Le tympan de la collégiale de Speluncato, daté du 12e siècle, provient en fait de l’église San Stefano de Giustiniani, village abandonné se situant vers la plaine. De l’église, il ne reste que quelques pierres réutilisées dans un pailler et une aire à blé qui pourrait peut-être recouvrir l’ancienne édifice
La collégiale San Michele est dotée d’un curieux tympan visible au-dessus de la porte centrale.

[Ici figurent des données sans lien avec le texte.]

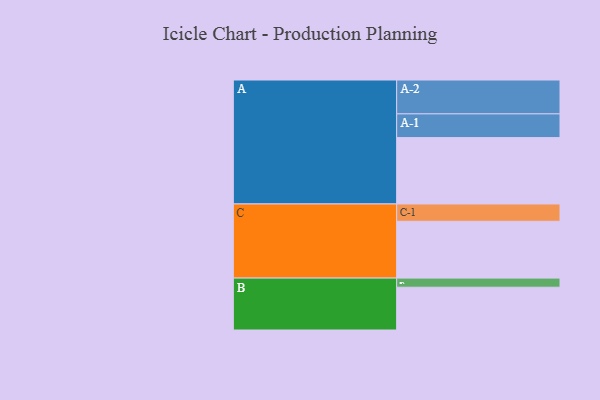
{"axis": {"x": "Segment", "y": "Value"}, "legend": ["", "A", "B", "C"], "data": [{"x": "A", "y": 582, "type": ""}, {"x": "B", "y": 375, "type": ""}, {"x": "C", "y": 498, "type": ""}, {"x": "A-1", "y": 208, "type": "A"}, {"x": "A-2", "y": 297, "type": "A"}, {"x": "B-1", "y": 80, "type": "B"}, {"x": "C-1", "y": 152, "type": "C"}]}

Ce tympan fut placé là après avoir séjourné longtemps dans la crypte de la collégiale. Il présente un décor tout à fait original : deux animaux fantastiques y sont représentés. En haut, un oiseau avec une grande aigrette semble vouloir éviter l’attaque, toutes ailes déployées, d’un animal au puissant bec d’aigle à la queue dressée comme un fouet : combat entre deux animaux tout droit sortis du bestiaire médiéval. Ce tympan a malheureusement été restauré avec vigueur ce qui en a altéré le relief.
Ce thème se rapproche de celui évoqué sur deux bas-reliefs d’Aleria. Le premier est reproduit par Mérimée : un quadrupède ailé, la queue dressée, a saisi dans son bec la queue d’une bête à deux pattes et dotée de dents acérées. Le second est inclus dans le mur sud de l’église San Marcello : deux animaux opposés ou jumeaux. Ce sont les seuls exemples connus de ce type de représentation.

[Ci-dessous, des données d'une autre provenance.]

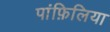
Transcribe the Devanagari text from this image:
पांफ़िलिया
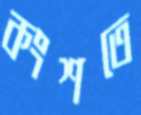
কংশতে
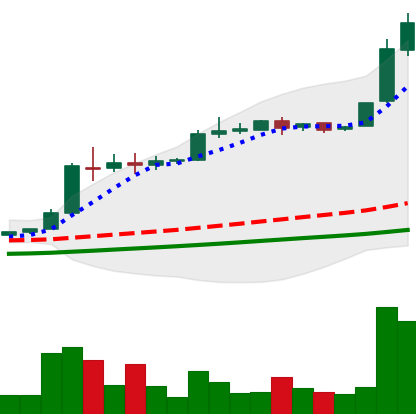
Ticker: BTC-USD
Chart end date: 2016-06-13
Forward return: 7.361%
Label: up_7plus
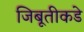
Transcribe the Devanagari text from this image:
जिबूतीकडे
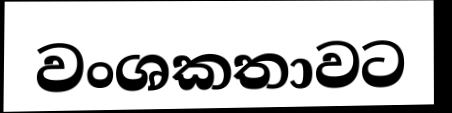
වංශකතාවට
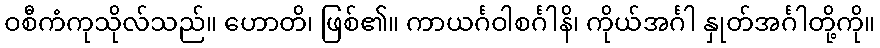
ဝစီကံကုသိုလ်သည်။ ဟောတိ၊ ဖြစ်၏။ ကာယင်္ဂဝါစင်္ဂါနိ၊ ကိုယ်အင်္ဂါ နှုတ်အင်္ဂါတို့ကို။

Le tympan datant sans doute du 12e siècle ornait à l’origine la chapelle San Stefano située dans l’ancien village de Giustiniani, en contrebas de l’actuel Speloncato. Il était intégré dans les murs d’un pailler construit d’ailleurs avec des blocs provenant aussi de la chapelle, de beaux blocs bien taillés et de couleur différente. À quelques mètres du pailler, on distingue des pierres formant un rond de 9,60 m de diamètre. Ce rond est bordé par un mur formé de pierres formant parement avec blocage intérieur. Ce mur, d’environ 0,50 m d’épaisseur, est interrompu par deux portes, selon un axe nord-est – sud-ouest. L’intérieur du rond présente un dallage régulier et bien plan. Parmi les pierres jonchant le sol, un bloc est orné d’un quadruple trait gravé. Un mur se profile à quelques mètres au Sud.
Ces vestiges sont difficiles à interpréter : est-ce une aire à blé construite avec les pierres de l’église San Stefano ? Mais alors pourquoi un mur bien construits et deux portes ? On constate que les aires à blé sont généralement entourées d’une rangée de pierres dressées, ce qui n’est pas le cas ici. Ou est-ce alors un ancien édifice à plan centré ? Un dégagement ou une fouille pourrait certainement apporter des éléments complémentaires permettant de mieux comprendre ce site.
Il n’existe qu’un seul exemple connu à ce jour d’édifice circulaire en Corse, San Leonardo à Corte. Ce dernier, situé dans la vallée du Tavignano, a conservé des murs délimitant un espace de 7 m de diamètre, deux portes (l’une à l’Est, l’autre à l’Ouest) et un sol recouvert de dalles. Deux autres édifices présentent un plan inhabituel car octogonal : les baptistères dédiés à San Leonardo, l’un à Pie d’Orezza mesure intérieure d’environ 9,50 m), l’autre à Perelli d’Alesani.
Le lieu-dit, dont il serait intéressant de connaître l’origine, a livré des témoignages d’une longue occupation : des vestiges de l’âge du bronze, puis d’anciens bains romains au lieu-dit Caldanica enfin une tour datée du Xe siècle et utilisée encore au XIVe siècle. Son nom, Justiniano apparaît dans des actes de donation notamment en 1101, ce qui prouve qu’il était bien occupé à cette époque [5].
Parmi les maisons du village abandonné, l’une d’elles au lieu-dit campana présente un linteau orné de plusieurs croix, est-ce une petite monachia ? On peut le supposer en considérant les croix gravées et le nom du lieu-dit campana (cloche) car à l’époque, seuls les moines avaient le droit de fabriquer les cloches.
Carte archéologique de la Gaule, Corse, 2013, p. 270
Deltour Ph., Levie Cl., Les édifices romans de la Corse, vol. 1, 2020, p110-112
Merimée P;, Notes d’un voyage en Corse, 1840, p. 177
Moracchini-Mazel G., Les édifices romans de la Corse, 1967, p. 105; 236
Pistarino G., Le carte del monastero di San Venerio del Tino, 1944, p. 6, 15, 64
Internet
www.Elizabethpardon.hautetfort.com/griffon
(Speloncato :à supprimer) San Stefano : tympan englobé dans un pailler (Fonds GMM©Fagec)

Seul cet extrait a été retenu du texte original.